Emma Becker, Wendy Delorme, Joy Majdalani, Emmanuelle Richard, Marina Rollman, and Laurine Thizy embody a new generation of female authors who explore female desire. Free, modern, and funny, their heroines are no longer objects of desire but actors in their own pleasure. Joyful and liberating!
A book to give to your aunt…
Equal parts haunting and tender, Suzanne and Louise is a photographic reverie like no other. In this singular “photo novel,” Hervé Guibert turns his lens—and his prose—toward his two reclusive great-aunts, capturing their intimate, secluded world with sensitivity and subversive charm. Originally published in 1980 and long treasured by Guibert devotees, this English-language edition is a revelation: the portraits are exquisite, the storytelling quietly radical, and the atmosphere lingers like memory. A meditation on aging, control, devotion, and the gaze—Suzanne and Louise is as provocative as it is profound.
A play for lovers of classics…
Perdican loves Camille, Camille loves Perdican. However, if it were that simple, it would not be part of the high school curriculum.
Through a series of romantic twists and turns, each character will compete in ingenuity and cruelty to force the other to declare their feelings while feigning indifference. A drama of thwarted desire and a subtle reflection on the difficulty of love, On ne badine pas avec l’amour oscillates between comedy and tragedy to better reveal the “mal du siècle” that gnaws at its author and his contemporaries : love.
A bilingual poetry book for anyone learning French (or English)…
Inspired by the great tradition of French love poetry, New Directions presents a beautiful, small gift edition, dedicated to what makes the world go round.
Filled with devotion and lust, sensuality and eroticism, fevers and overtures, these poems showcase some of the most passionate verses in the French language. From the classic sixteenth-century love sonnets of Louise Labé and Maurice Scève to the piercing lyricism of the Romantics and the dreamlike compositions of the Surrealists, French Love Poems is the perfect, seductive gift for anyone who makes your heart flutter.

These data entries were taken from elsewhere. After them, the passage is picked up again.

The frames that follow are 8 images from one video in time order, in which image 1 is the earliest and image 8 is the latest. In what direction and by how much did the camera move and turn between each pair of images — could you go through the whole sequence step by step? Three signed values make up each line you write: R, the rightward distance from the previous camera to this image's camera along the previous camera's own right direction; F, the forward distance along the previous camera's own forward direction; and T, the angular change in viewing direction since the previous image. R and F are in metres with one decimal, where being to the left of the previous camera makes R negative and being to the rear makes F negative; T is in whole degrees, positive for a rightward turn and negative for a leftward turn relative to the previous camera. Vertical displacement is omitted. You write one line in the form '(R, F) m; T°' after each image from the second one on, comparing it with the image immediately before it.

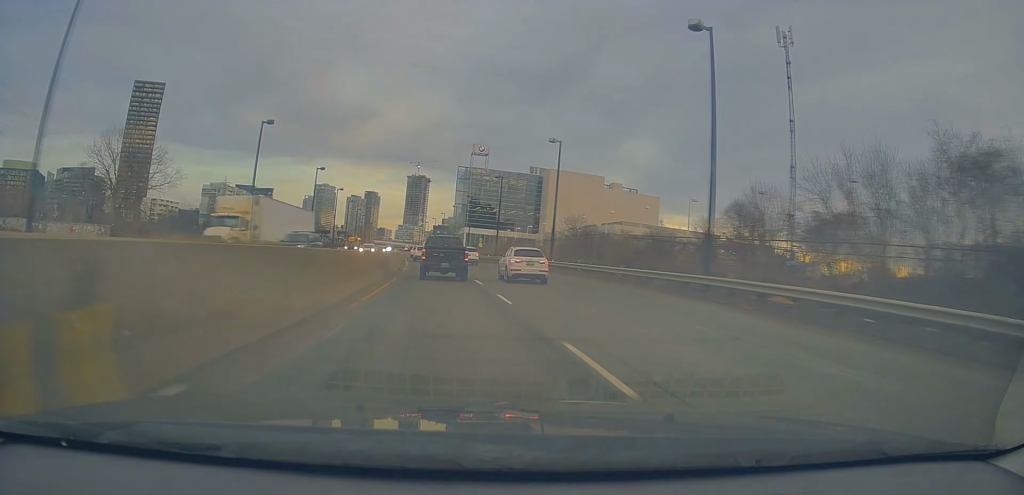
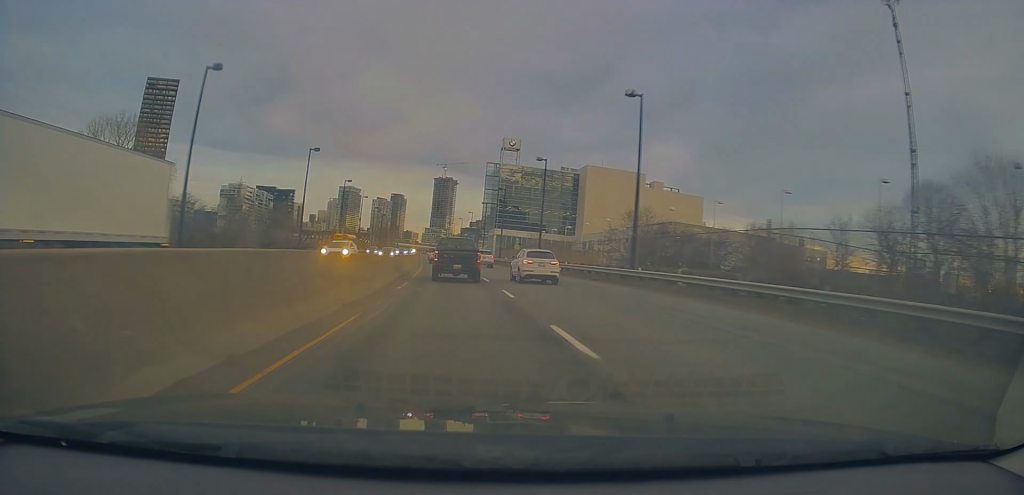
(-0.8, +15.5) m; -2°
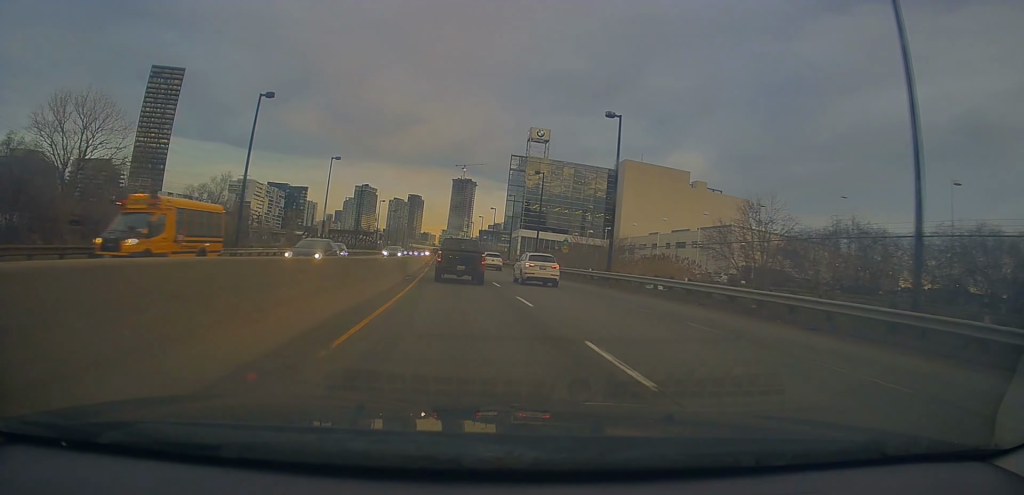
(-0.4, +20.3) m; -1°
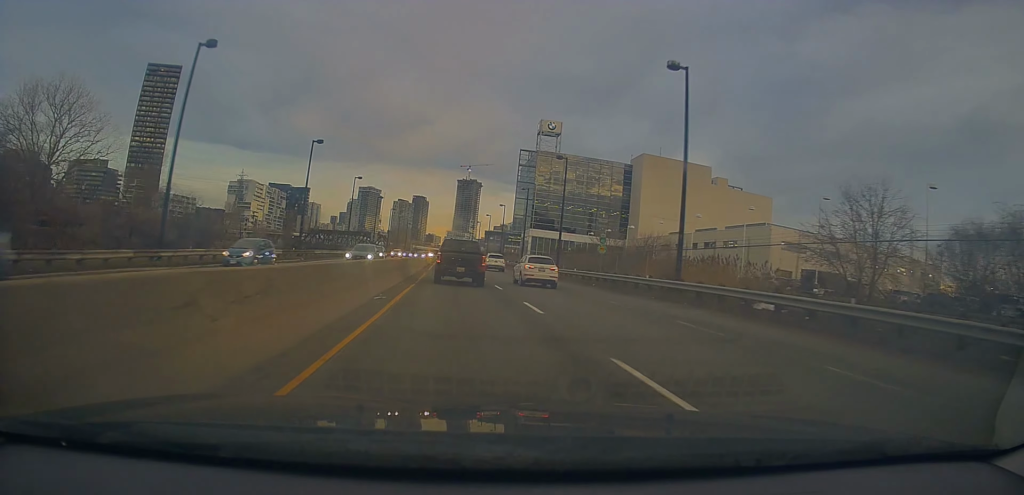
(-0.1, +10.7) m; 0°
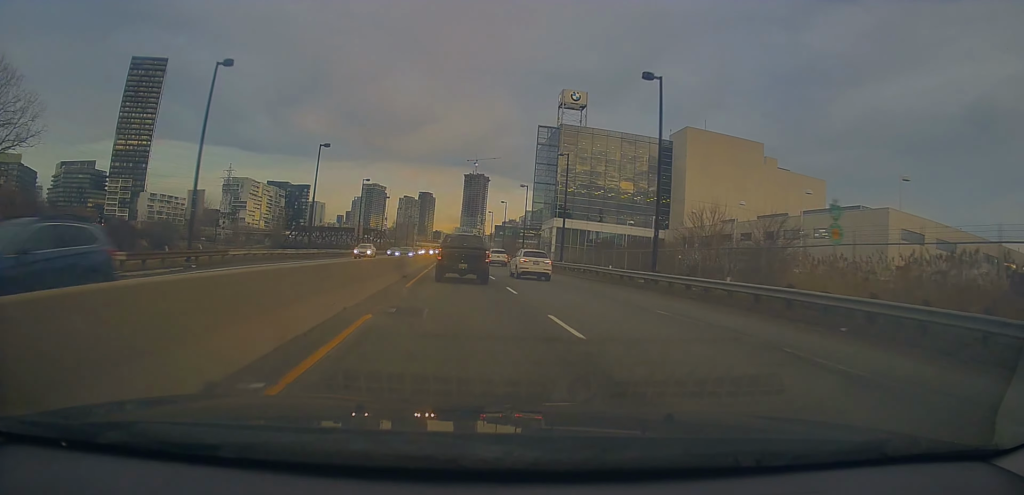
(+0.3, +23.7) m; -1°
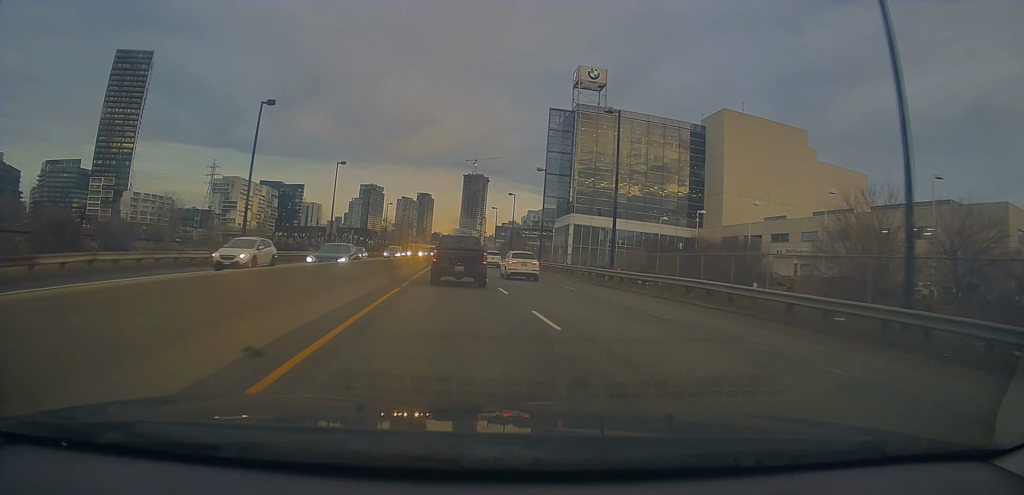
(-0.5, +17.5) m; -2°
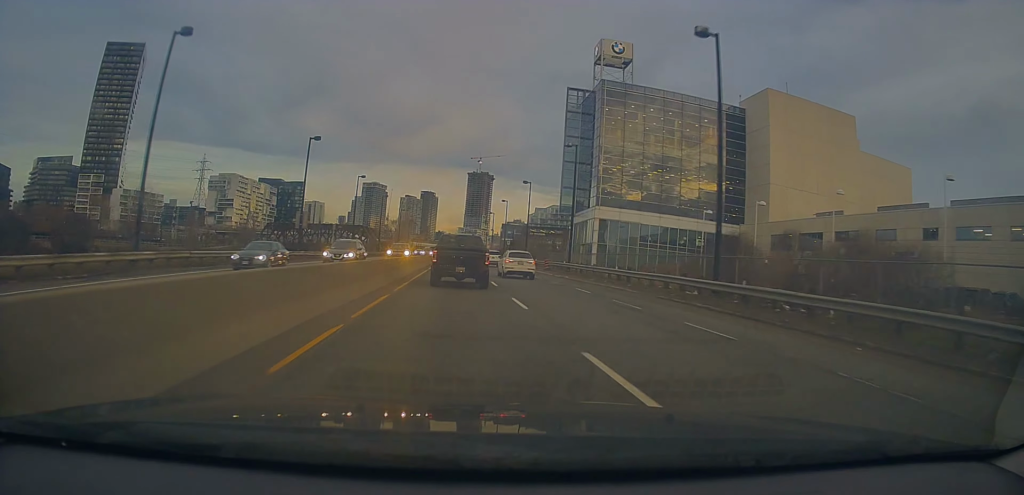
(-0.2, +14.4) m; -1°
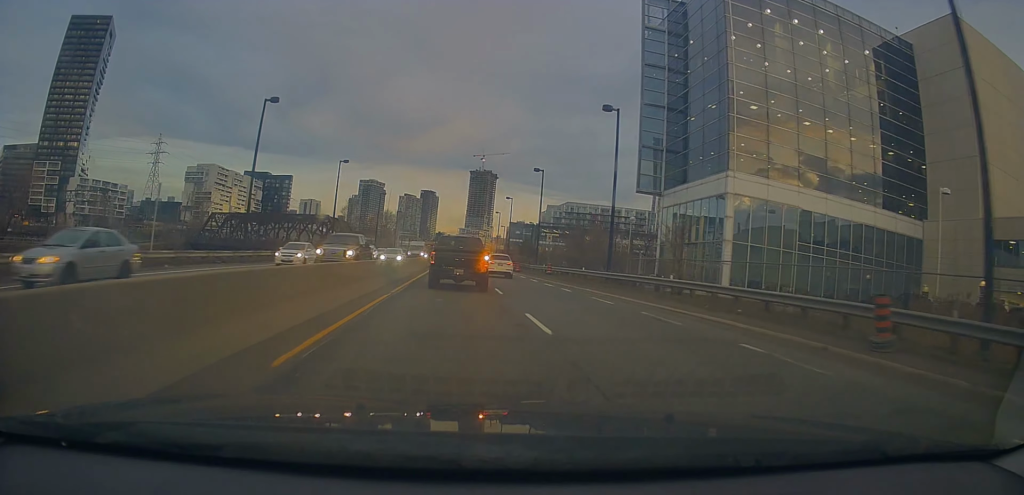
(+0.1, +41.1) m; +1°
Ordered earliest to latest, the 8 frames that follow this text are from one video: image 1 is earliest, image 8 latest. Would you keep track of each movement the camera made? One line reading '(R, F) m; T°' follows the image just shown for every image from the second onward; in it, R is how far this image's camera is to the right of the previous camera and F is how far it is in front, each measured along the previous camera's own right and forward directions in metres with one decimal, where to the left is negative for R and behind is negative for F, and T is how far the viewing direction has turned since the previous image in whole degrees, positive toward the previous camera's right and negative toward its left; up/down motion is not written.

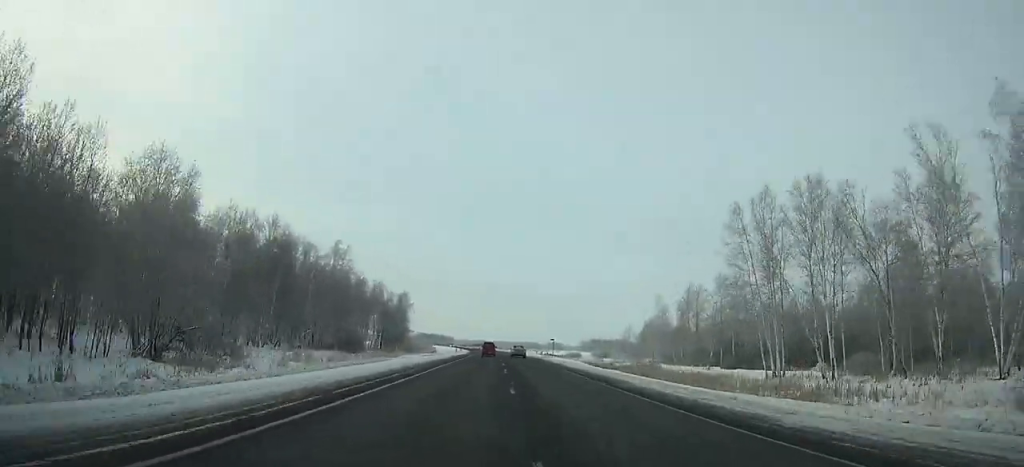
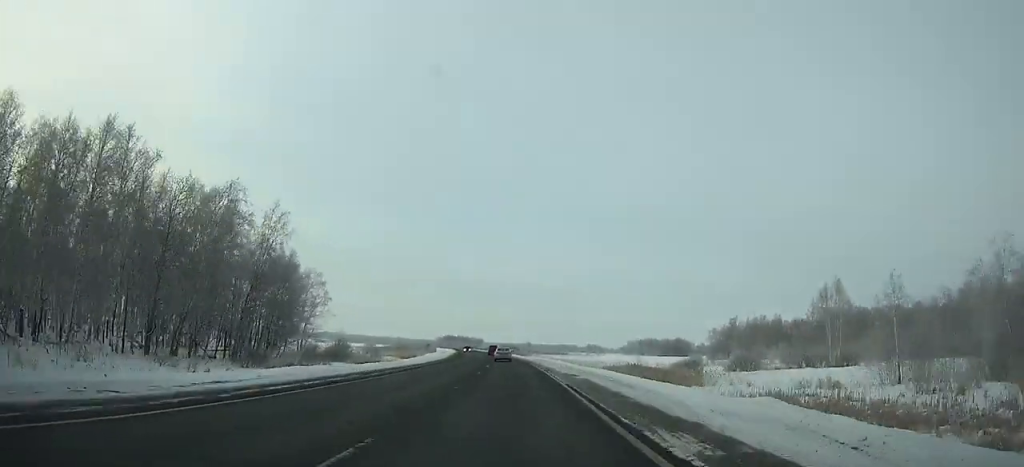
(-2.1, +92.9) m; -4°
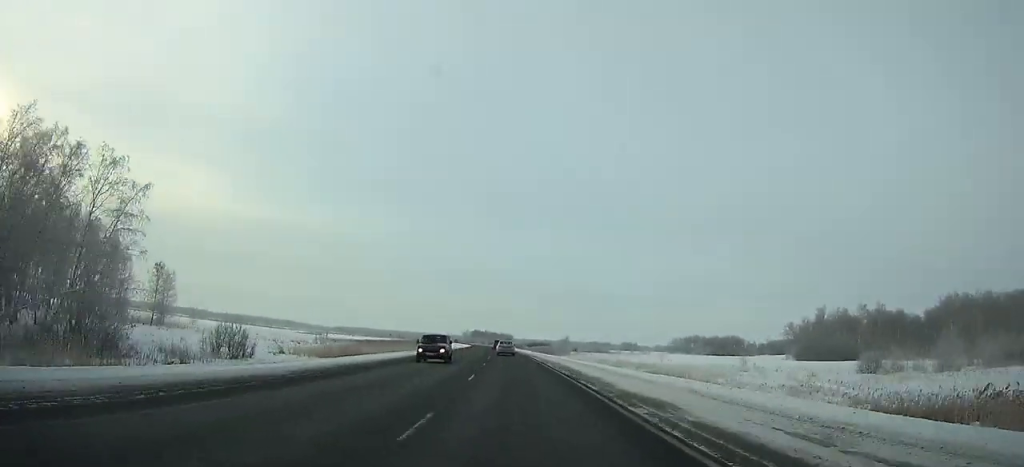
(-1.7, +58.3) m; -2°
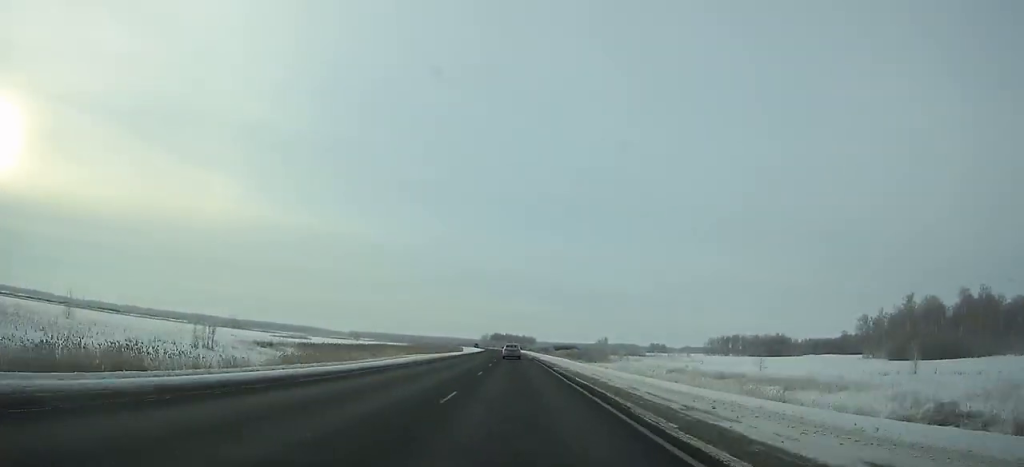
(-0.5, +43.2) m; -1°
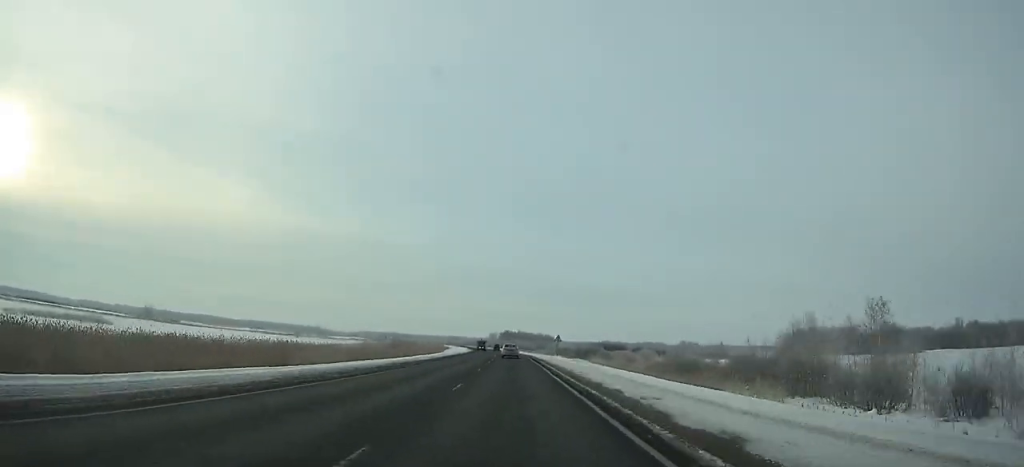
(-2.1, +117.9) m; -2°
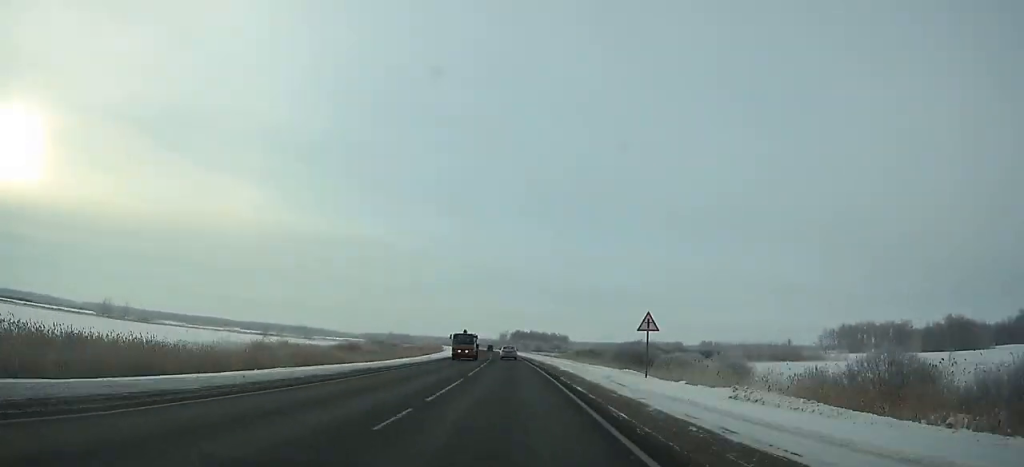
(-0.4, +44.1) m; -1°
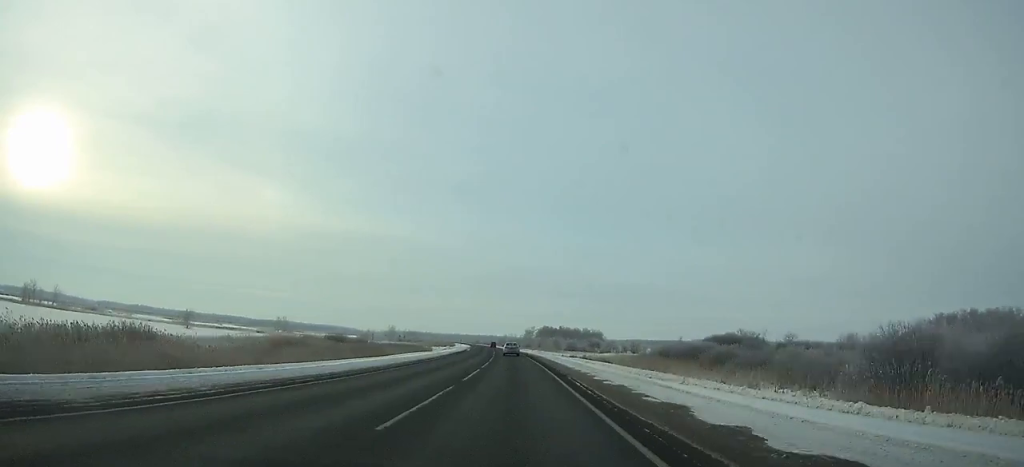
(-1.1, +65.4) m; -2°
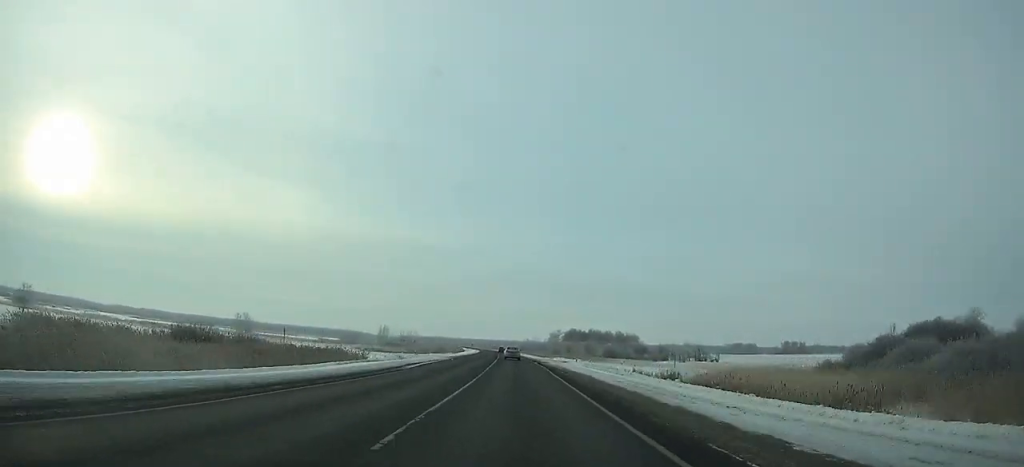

This collection includes poems by Guillaume Apollinaire, Charles Baudelaire, Claude Cahun, René Char, Marceline Desbordes-Valmore, Paul Éluard, Louise Labé, Stéphane Mallarmé, Anna de Noailles, Joyce Mansour, Arthur Rimbaud, Paul Verlaine, and many others; as well as translations by Mary Ann Caws, Robert Duncan, Lawrence Ferlinghetti, Denise Levertov, Ezra Pound, Kenneth Rexroth, Frederick Seidel, Richard Sieburth, and William Carlos Williams.
A book for your parents or grandparents…
This novel is less than 100 pages but it spans 50 years of a relationship that is at once ordinary and completely extraordinary. Love, when you are inside it, is continuously miraculous. To anyone outside of it, it is generally mundane. Bégaudeau captures the beauty and tenderness inside small moments of intimacy very beautifully. The couple are both universal, named generically Jacques and Jeanne, and specific. They struggle with material concerns, money, work, division of labor, which at times erode their relationship. They feel like relics of a past generation, but also close enough to be familiar.
Bégaudeau was inspired to write this by Flaubert’s Un coeur simple and it has a similar heartfelt simplicity that is both moving and absorbing.
And finally, for someone who loves reading as much as yearning, what better gift than the first volume of A la recherche du temps perdu?